The easiest way to ensure a neurodivergent disaster is to put them in a vague, opaque setting with lofty goals, unclear instructions and zero guidance or feedback on how to finish it. We will simply give up. Unfortunately, law school from the bird’s eye view and law school on the unitary level, all feel the same level of perplexing. To any person with ADHD, Generalized Anxiety Disorder, chronic depression, Autism, Dyslexia, Dsycalculia, Bipolar Disorder, Dissociative identity disorder and OCD, being called lazy or “full of underutilised potential” is not a novel experience. But law school solidifies this experience. It reifies it, with the constant feedback loop that prizes ‘merit’ above all else. You feel the pressure to catch up with people that are so clearly different from you, people that aren’t time blind, people that don’t struggle with brain fog, people with perfectly fine working memories. Jean Paul Sarte wrote in his infamous novel, Nausea, that his thoughts fail in fastening on to words, and remain misty and nebulous in his head. This is how most of law school feels to a neurodivergent person, on a good day.
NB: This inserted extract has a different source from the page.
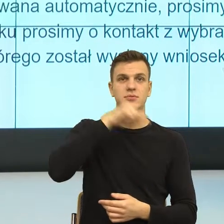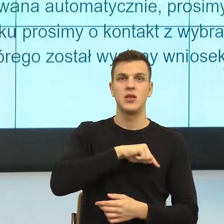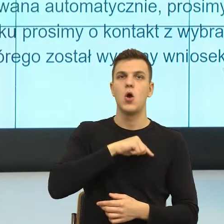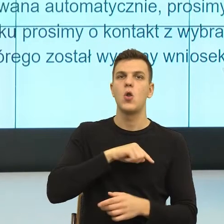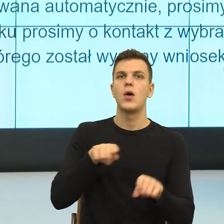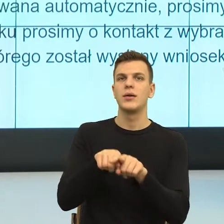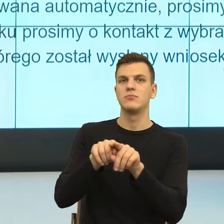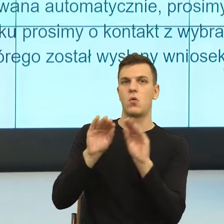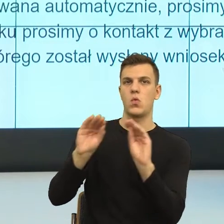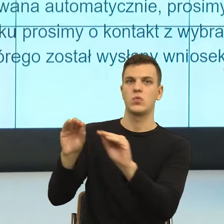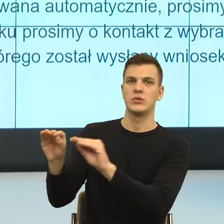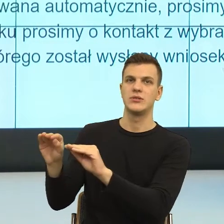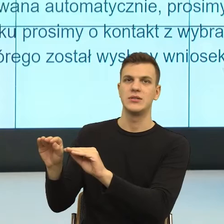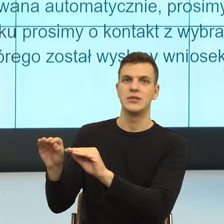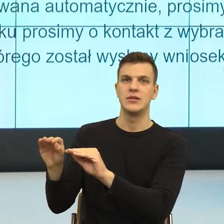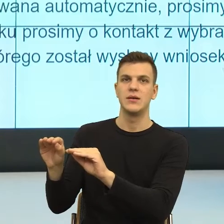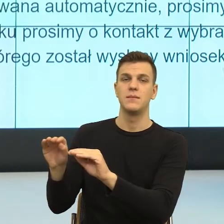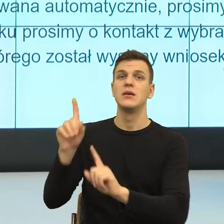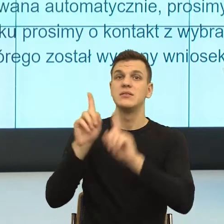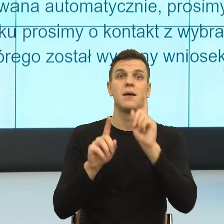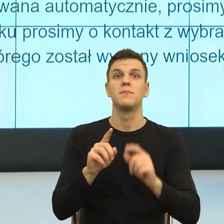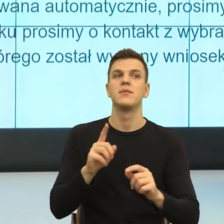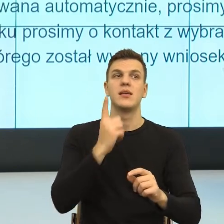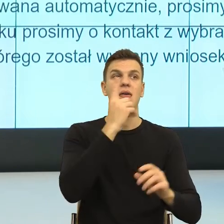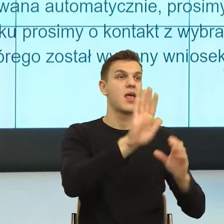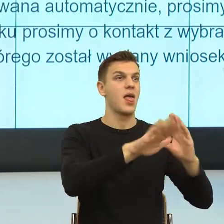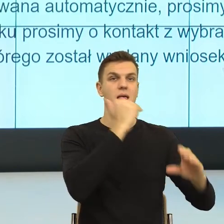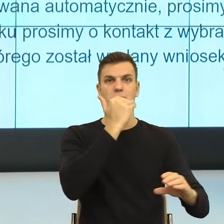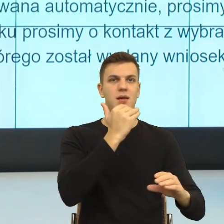Bo my już po jednym mailu skarżącym, językowo jestem w stanie powiedzieć,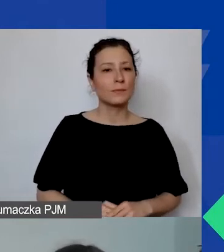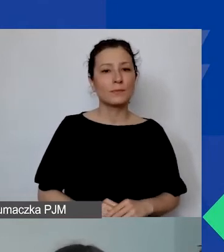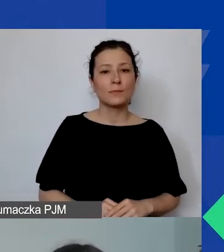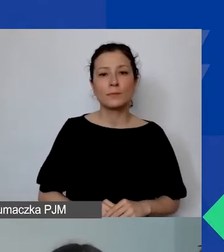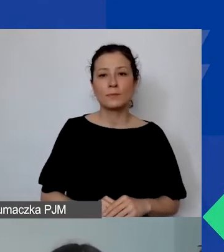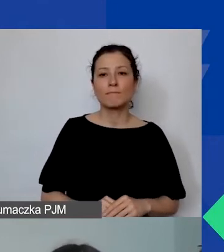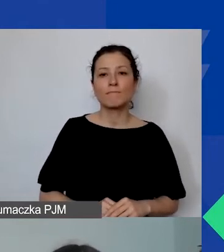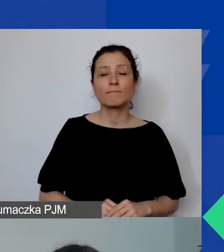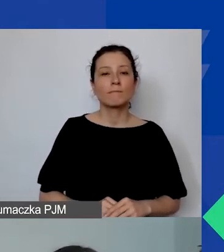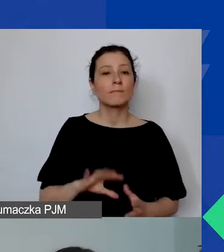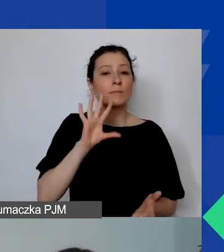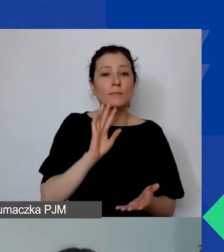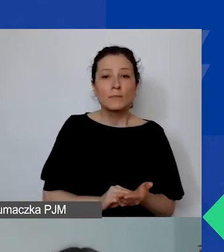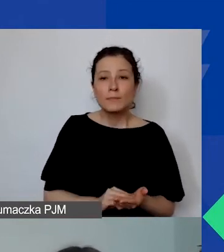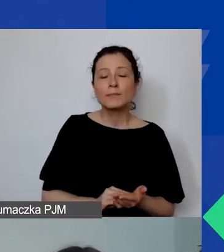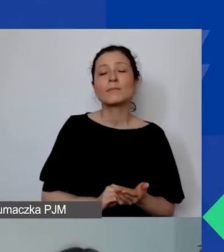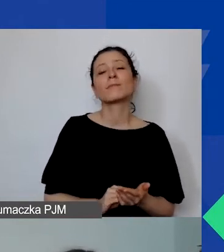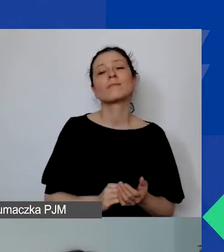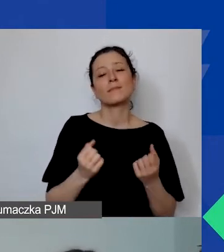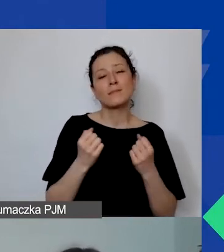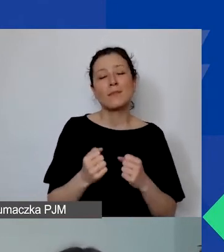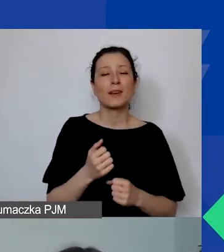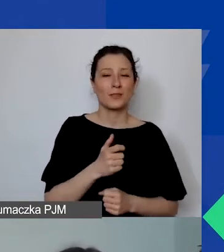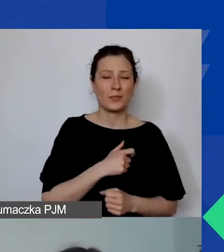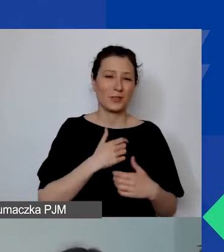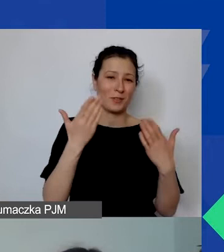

On bad days, they look like self-loathing, panic attacks, crying in the library’s washroom, struggling with appetite, being burnt out, feeling completely out of place and alienated from your peers. 

In the words of Goodrich, the law tells stories, just as stories are told about the law. There are stories to be listened from the not-so-glamorous side of the student body too, from students that struggle with access and utilisation of the resources that able-bodied and neurotypical students can easily partake in. There are difficult conversations to be had about the way merit is organised in this university, and in premier educational institutions across this country. Who do we reward? What do we prioritise? Do we have sufficient disability accommodations? Is our definition of disability accommodative enough? Who gets to decide what is a ‘reasonable’ accommodation? Do we take the lazy, selfish and miserly way out, and let the students compete against each other mercilessly and hate each other? Do the students take at least some joy and validation out of being able to be ‘better’ than everyone else? 

We can’t define what we cannot imagine. I hardly know what it’s like to be neurotypical, but I don’t think anyone would mind being a little less stressed out, having a little more help and being able to operate out of inspiration, passion and curiosity instead of fear, anxiety and insecurity. The labour of imagination is not something that we should ask only the severely affected to bear. We must partake in the most basic humane task of empathy, of listening, of giving space, of organising and lobbying for a more equitable campus. We must want to get better, for otherwise, we leave the vulnerable ones to be doomed. NLU Delhi, now more than ever, needs community, radical love and growth

I’ve found hope to be a lamp that burns clean, a lamp that sustains. It is belief that all of humanity’s collective efforts are worth everything else that it has to bear. I choose to hold on to this hope, tonight and every night that I spend in this campus. For better or for worse, this is where we all stay for a huge part of our lives. We might as well make it worthwhile.